The “Career Express” Pulls Into Stetson
by Allan Appel | October 20, 2009 8:08 AM | Permalink
After working eight years as a certified nursing assistant, Barbara Roberts-George suffered a back injury. She could no longer work with a heavy load of patients. But she could perhaps work one-on-one. She was also thinking of retraining herself.
So she came Monday morning for job-seeking advice to Career Express, the mobile unit of the state Department of Labor that set up shop at the Stetson branch library on Dixwell Avenue.
Career Express, the department’s only traveling one-stop job-assistance Winnebago, carries staff and equipment to offer vocational advice to some 300 to 500 people per month across the state.
Roberts-Gage was the first person that counselor Charles Goorhigian saw Monday morning.
She told him she’d worked until recently at the Arden House Care and Rehab Center in Hamden, where she injured herself. After surgery in December, she was told she couldn’t’ work with so many patients at the same time. One-on-one patient care was suggested to her as alternative.
She’s been looking for that kind of work while collecting workmen’s compensation. Roberts-George supplements her income through being an on-call pre-school teacher for the Board of Ed.
Those calls are not coming to her too often. “Right now, everyone’s holding on to their jobs,” Roberts-George said.
So she’s also considering retraining in cosmetology.
Goorhigian gave Roberts-George a list of reliable online job sites. He also pointed out to her that her resume needed spiffing up.
“Use more highlights, so it’s more easily glanceable. Put your core skills right at the top,” he suggested.
Roberts-George took in the advice . Then they returned to how serious Roberts-George was about switching fields. She said she was.
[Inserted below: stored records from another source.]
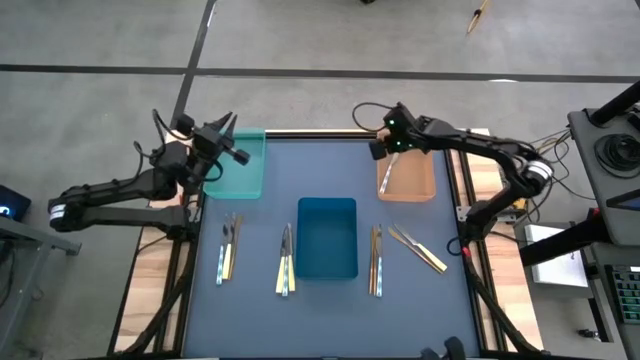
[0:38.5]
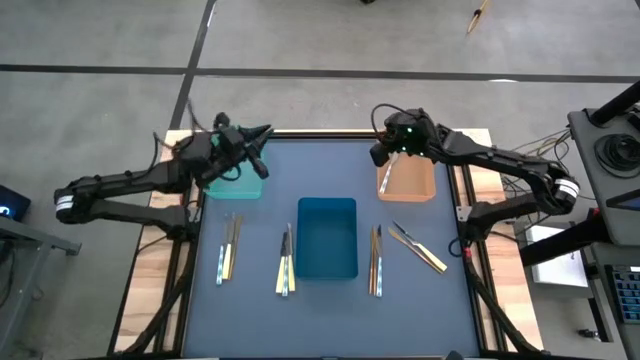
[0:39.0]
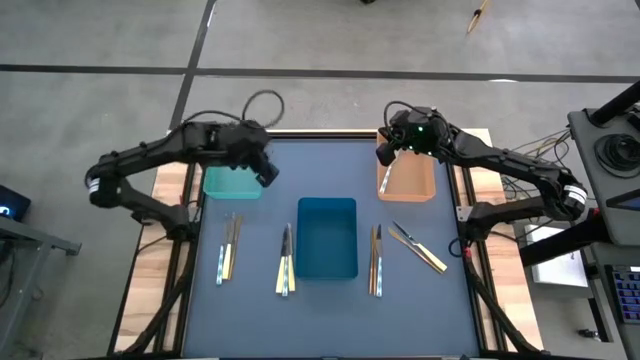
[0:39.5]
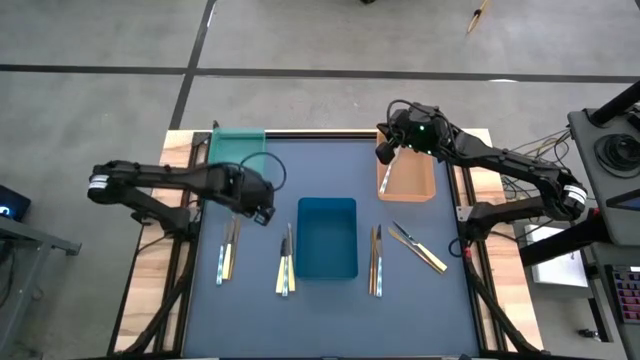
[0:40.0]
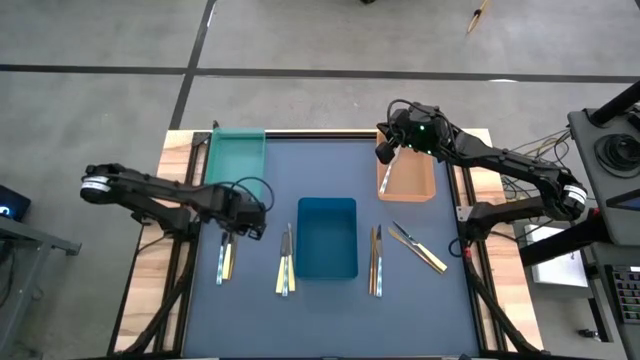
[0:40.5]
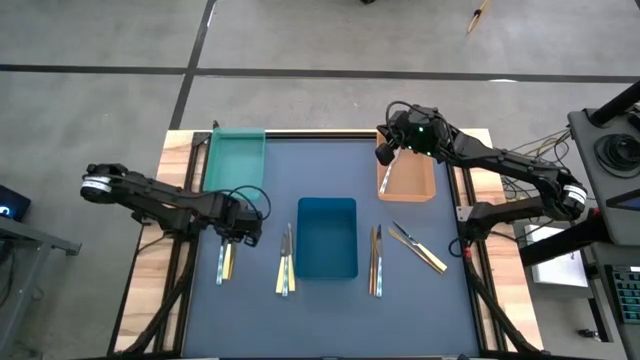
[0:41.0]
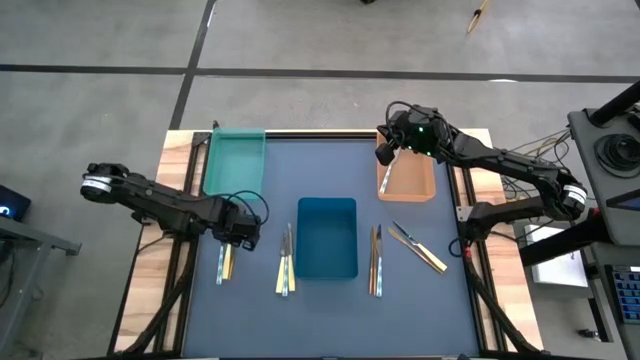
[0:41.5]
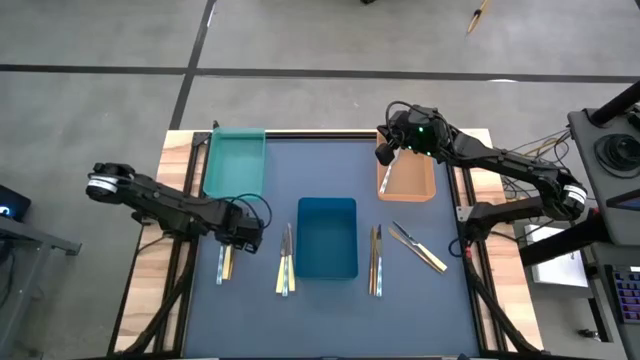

Goorhigian asked her how she was financing the retraining. She told him workmen’s compensation was funding it. However, classes would not begin until later in the year.
“I’d push the issue of training with them. Especially with the economy so bad,” he said.
“Your resume is your marketing tool. [It must] communicate your value and skills within split seconds,” said Karen Quesnel (pictured), who’s been driving the Career Express Winnebago for the state Department of Labor for five years.
Goorhigian gave Roberts-George his personal contact information at the local CTWorks office, a satellite branch of the department of labor on Marne Street in Hamden.
He asked her to revise the resume and then to give him a call so he could look it over again. At that time he said he’d also help her set up a more easily accessible email account so prospective employers could get back to her.
“We are sort of a one-hit wonder,” said Quesnel. She was referring to the nature of the advice offered by the mobile unit. That’s why they make sure “people walk away with a plan and a place to go.”
“Your resume is your marketing tool. [It must] communicate your value and skills within split seconds,” said Quesnel.
The Winnebago was in for repairs this day. So instead of holding court on wheels, she and Goorhigian set up shop in Stetson’s conference room, where their laptops would have to do. Normally, the Career Express bus has eight computer workstations, satellite access, and a 42-inch plasma monitor so Quesnel can do workshops for clients like Roberts-George.
Roberts-George thanked Goorhigian for his time and put on her coat and stepped away and into the main room of the library.
She said she found the 25-minute session useful. “I haven’t updated my resume in years,” she said. She especially found the job sites she’d been given useful.
The mobile unit will become mobile gain within days. The next stops in our area are at Elm Street on the Green on Wednesday; and at the Fair Haven branch library on Grand Avenue on Friday, Oct. 30, at 9:30 a.m.